Independent consultants generally have variable income. However, the most lucrative independent consultants are usually former high-ranking finance professionals who, late in their careers, decided to advise other companies in their field.
United States Bureau of Labor Statistics (BLS) periodically publishes a report on jobs called the Occupational Outlook Handbook. In this report, the BLS outlines the average salary, required experience, and projected future demand for a number of common jobs in the United States.Inasmuch asInasmuch as
According to the BLS handbook, there were 329,500 financial analysts in the United States in 2018, and the industry was expected to add another 20,300 by 2028. This is an expected growth rate of 6%. According to this BLS report, the average salary is $ 85,660 a year.Inasmuch asInasmuch as
The BLS has not released specific numbers for financial consultants, likely due to the vague and generic nature of the job title. However, the BLS notes that business and finance occupations are expected to grow faster than average.

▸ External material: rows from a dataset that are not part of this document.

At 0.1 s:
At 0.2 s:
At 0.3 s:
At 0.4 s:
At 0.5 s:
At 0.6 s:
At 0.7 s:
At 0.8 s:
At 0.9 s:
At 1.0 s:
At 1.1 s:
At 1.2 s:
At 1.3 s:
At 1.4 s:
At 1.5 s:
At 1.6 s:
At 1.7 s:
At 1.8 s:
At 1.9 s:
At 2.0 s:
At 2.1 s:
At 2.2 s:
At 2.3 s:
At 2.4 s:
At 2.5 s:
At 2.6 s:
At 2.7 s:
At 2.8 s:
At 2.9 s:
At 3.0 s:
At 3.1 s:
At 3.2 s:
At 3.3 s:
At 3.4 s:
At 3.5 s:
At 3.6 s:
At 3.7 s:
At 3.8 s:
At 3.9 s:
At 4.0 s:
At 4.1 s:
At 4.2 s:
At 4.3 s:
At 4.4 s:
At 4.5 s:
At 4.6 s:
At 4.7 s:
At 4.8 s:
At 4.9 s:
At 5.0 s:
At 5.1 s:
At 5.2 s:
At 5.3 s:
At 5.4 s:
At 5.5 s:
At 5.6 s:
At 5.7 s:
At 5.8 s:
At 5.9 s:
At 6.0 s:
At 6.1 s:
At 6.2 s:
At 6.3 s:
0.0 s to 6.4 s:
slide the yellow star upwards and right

Compare Work / Personal Life Balance
Except at the most senior levels, financial analysts tend to work 40-50 hour weeks, with weekends off and normal vacation packages. Work hours tend to be very busy and even intense, but there is still plenty of time during the week for family, friends and hobbies.Inasmuch asInasmuch as
This is rarely the case with financial consultants, especially those who work for large corporations as partners. Many junior-level consultants report working 65 hours a week or more, which means over 11 hours a day and a six-day work week. Consultants also tend to travel a lot and spend long periods of time away from home. It’s not uncommon for young consultants to make six figures but actually make less than $30 an hour.
Overall, the financial industry is well known (even infamous) for its long working hours and rigorous job requirements. There is evidence that major financial institutions are trying to reduce the workload and the workload of their employees, but most future finance professionals should be prepared to spend many overtime at work.
Choose between careers
An aspiring finance professional torn between a career as a financial analyst and a career as a financial consultant should focus on the two areas where these careers are most distinct.

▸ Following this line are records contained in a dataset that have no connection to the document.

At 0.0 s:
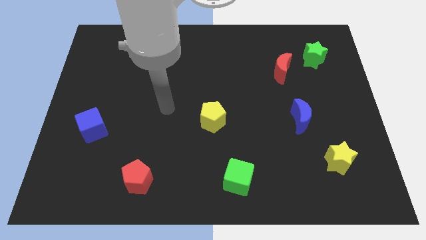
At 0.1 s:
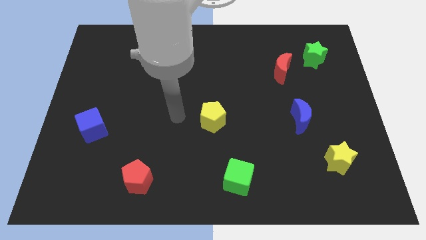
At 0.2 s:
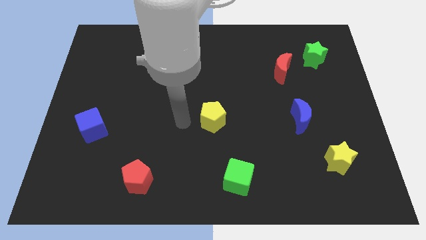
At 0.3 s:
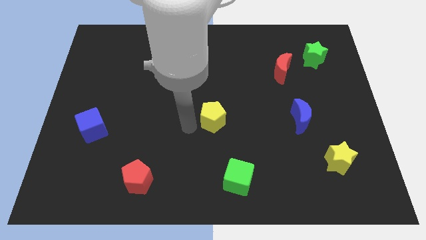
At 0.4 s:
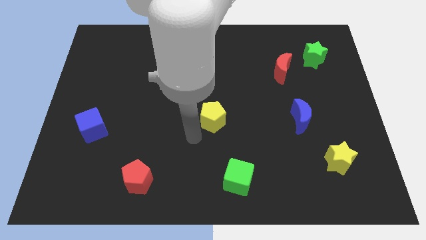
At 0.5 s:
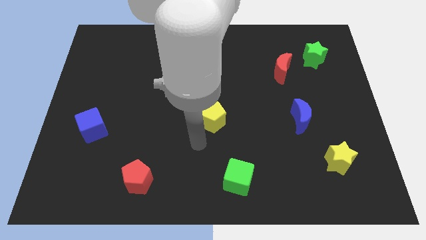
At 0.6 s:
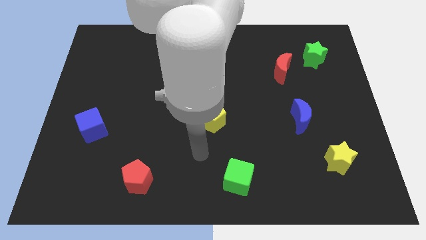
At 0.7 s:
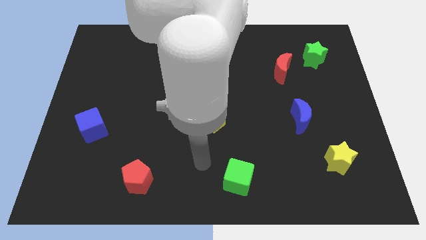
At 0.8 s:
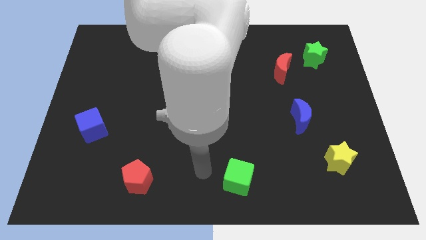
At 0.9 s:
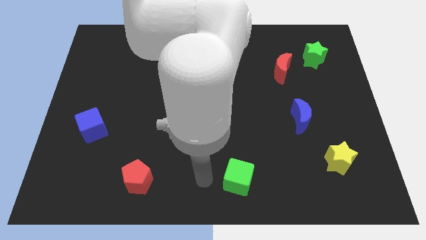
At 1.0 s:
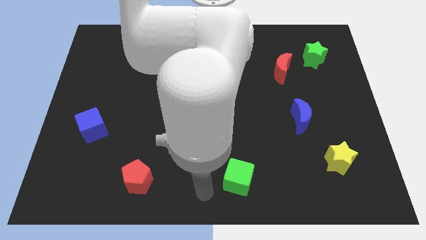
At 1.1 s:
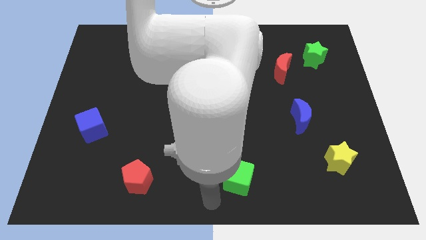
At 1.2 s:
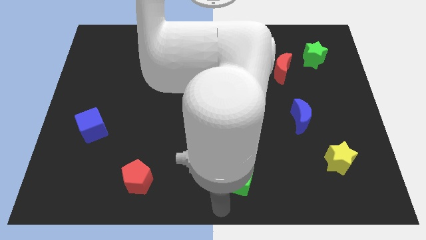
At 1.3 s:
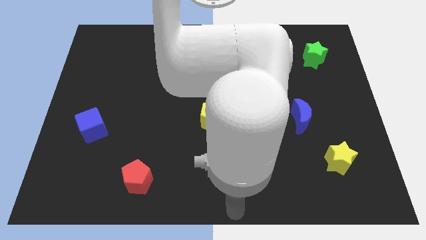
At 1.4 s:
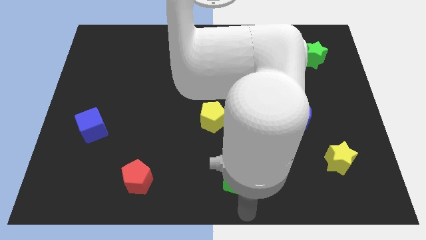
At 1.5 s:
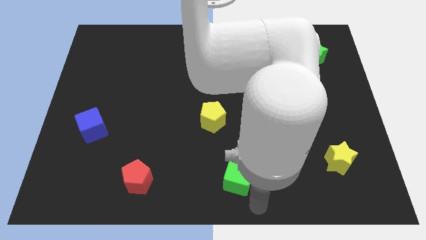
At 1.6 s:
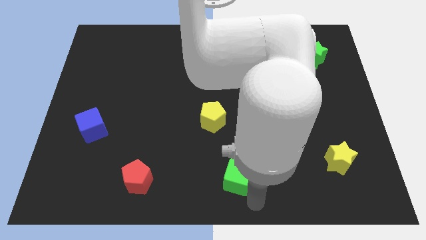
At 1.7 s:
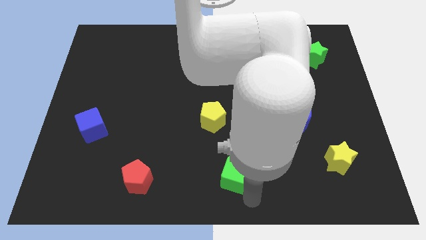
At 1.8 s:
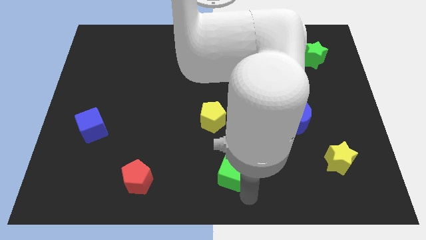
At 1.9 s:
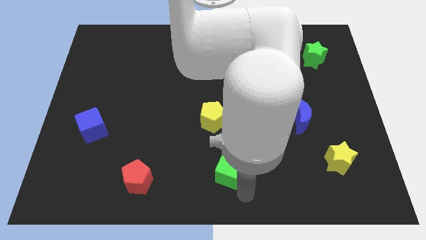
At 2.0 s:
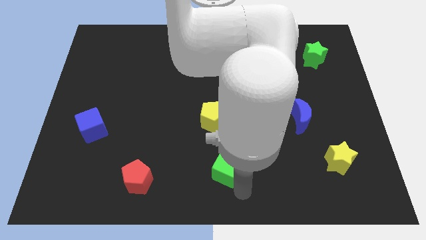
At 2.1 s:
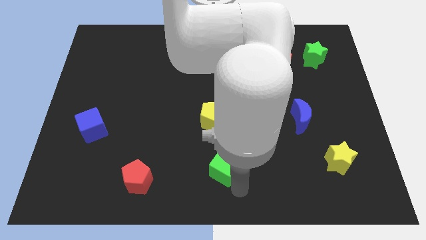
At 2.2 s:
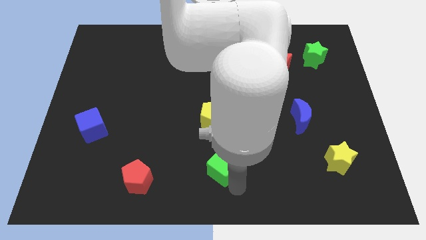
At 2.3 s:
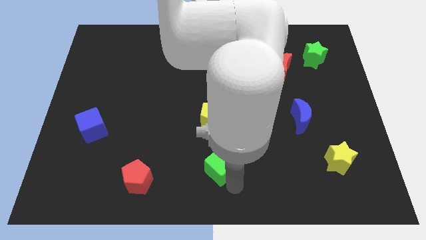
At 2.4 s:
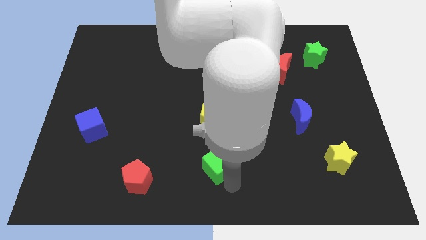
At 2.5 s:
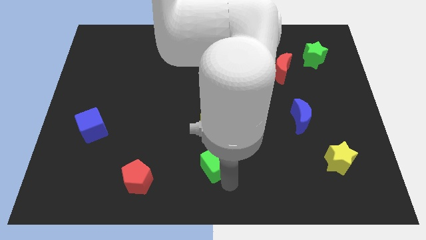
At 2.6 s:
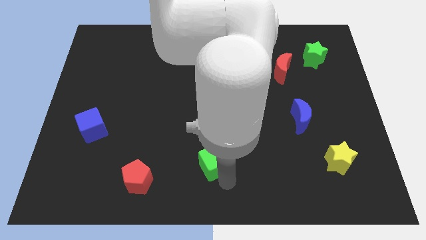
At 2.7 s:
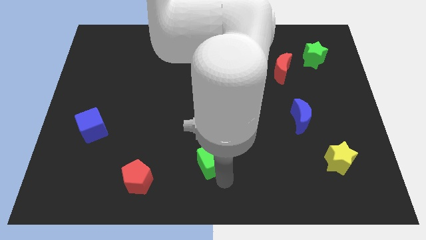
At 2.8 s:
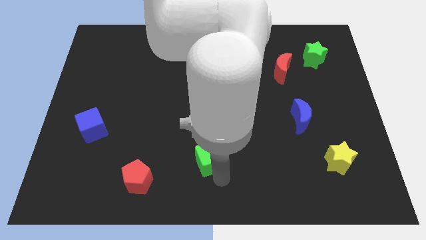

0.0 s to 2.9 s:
move the green cube upwards and left somewhat

1. Work / personal balance and remuneration: Generally speaking, financial consultants have greater earning potential, but they also tend to work longer hours and spend more time on business trips. Financial analysts tend to have more stable jobs and less stressful careers.
2. The type of investment analysis that each task performs: Large-scale thinkers who want to research at the macro level find it more appropriate to work as analysts. In contrast, those who enjoy business fundamentals and capital management are likely to feel more comfortable in advisory roles.